Musique : « Al Musiqa », la culture arabe dans les oreilles !

25 mai 2018 à 18h04 | Par 

Pour la première fois en Europe, un événement d’envergure, « Al Musiqa », présentée jusqu’au 19 août à la Philharmonie de Paris, célèbre les musiques du monde arabe.

Quelques pas dans l’exposition, et l’on est accueilli par les vocalises d’un muezzin… Si al adhan, l’appel à la prière, est banal dans une grande partie du monde, c’est une incongruité en France, où l’on demande aux musulmans de rester discrets et aux minarets de garder le silence. L’événement « Al Musiqa », dont l’idée a germé peu de temps avant les attentats de 2015, donne à entendre les voix et musiques du monde arabe, sans exception, en bousculant les idées reçues.

Et fait preuve de pédagogie pour un public familial, rappelant par exemple que l’islam n’a pas banni la musique (même si elle est accusée par certains rigoristes de détourner le croyant de la piété), qu’il n’y a pas que le raï de l’autre côté de la Méditerranée, ou encore que des artistes rap et électro dopés par les mouvements révolutionnaires y sont très actifs.

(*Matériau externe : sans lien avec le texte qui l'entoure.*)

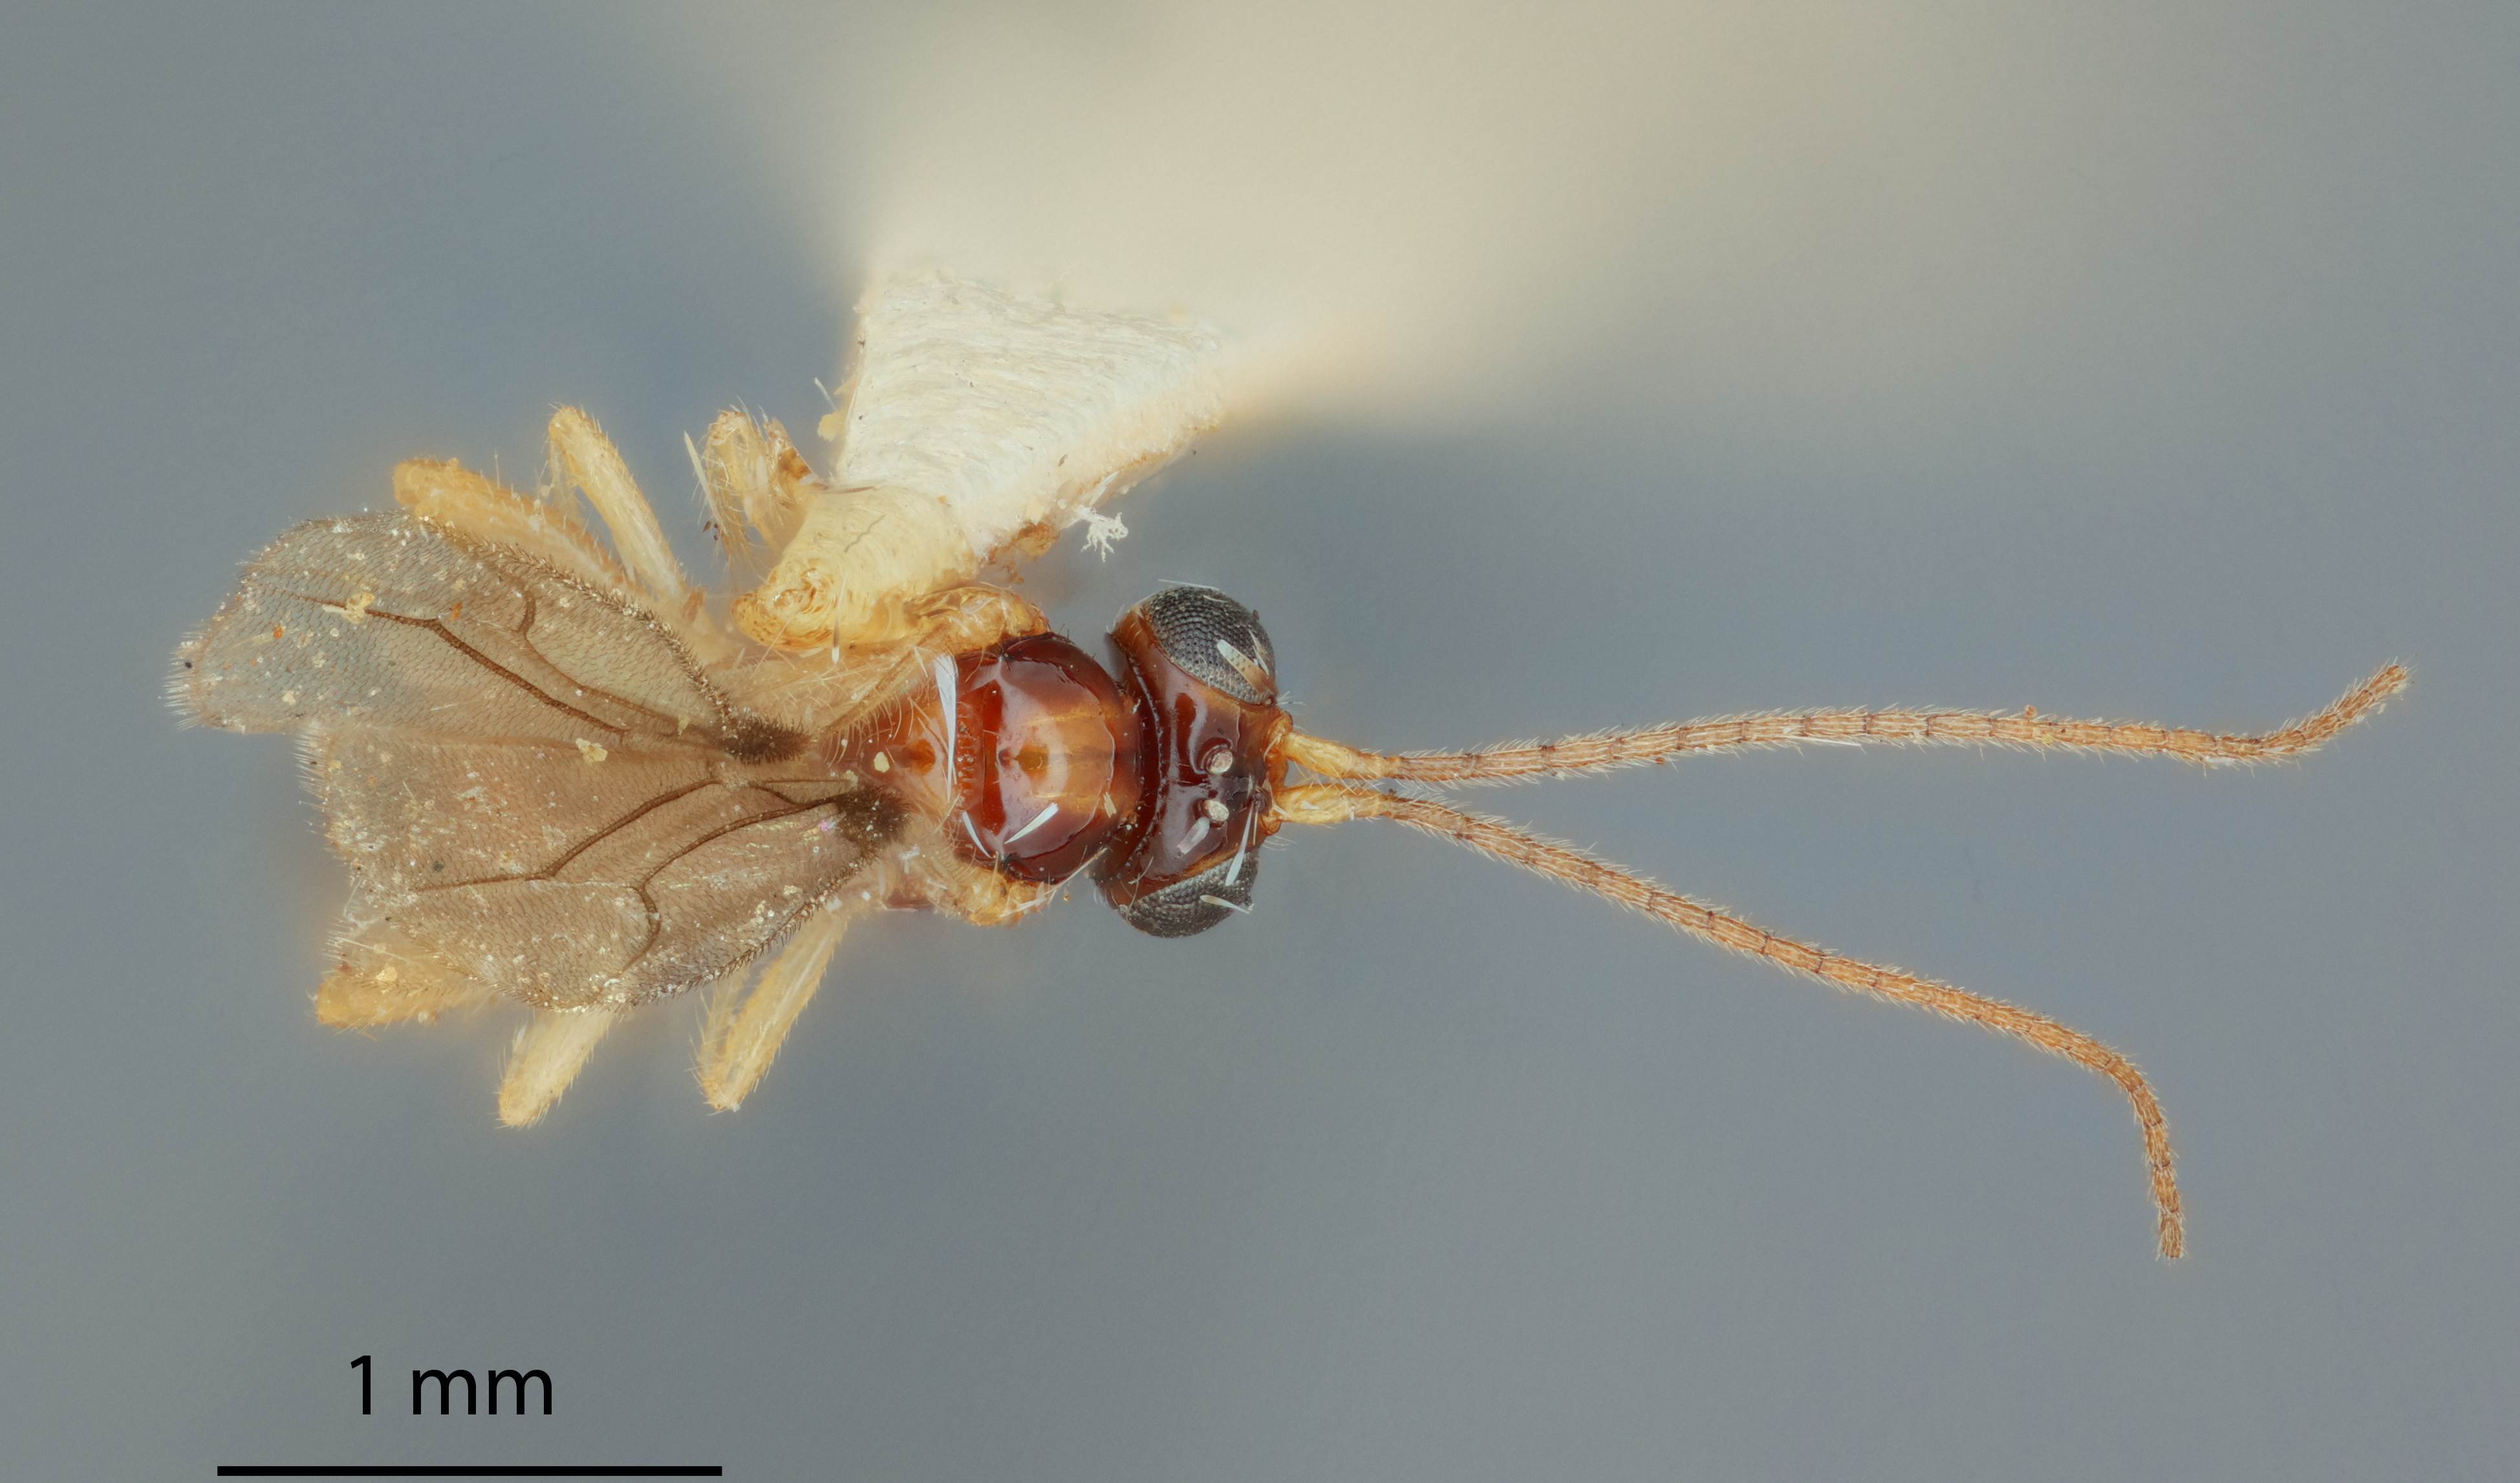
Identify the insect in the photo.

Voyage musical loin des clichés

L’objectif de l’événement est audacieux, certains diront présomptueux : présenter toute l’inventivité sonore, la richesse musicale, du monde arabe sur pas moins de quinze siècles. Véronique Rieffel, ancienne directrice de l’Institut des cultures d’islam (Paris) et de l’Institut français d’Égypte (Alexandrie), a intelligemment relevé le défi en proposant une promenade en sept étapes et autant de thématiques.

chant avedissian

Entre ballade et balade, l’exposition nous transporte ainsi dans l’espace et dans le temps. Dans le désert pour découvrir la qasida, la poésie bédouine ; dans une ville arabe bercée par les chants religieux ; un palais médiéval pour approcher la musique de cour ; une zaouïa africaine à l’écoute des chants soufis ; un cinéma égyptien en compagnie d’Oum Kalsoum ; un café du quartier parisien de Barbès où sont diffusées les stars immigrées des années 1960 ; un spot branché pour découvrir l’électro chaabi venue de l’Égypte post-Moubarak.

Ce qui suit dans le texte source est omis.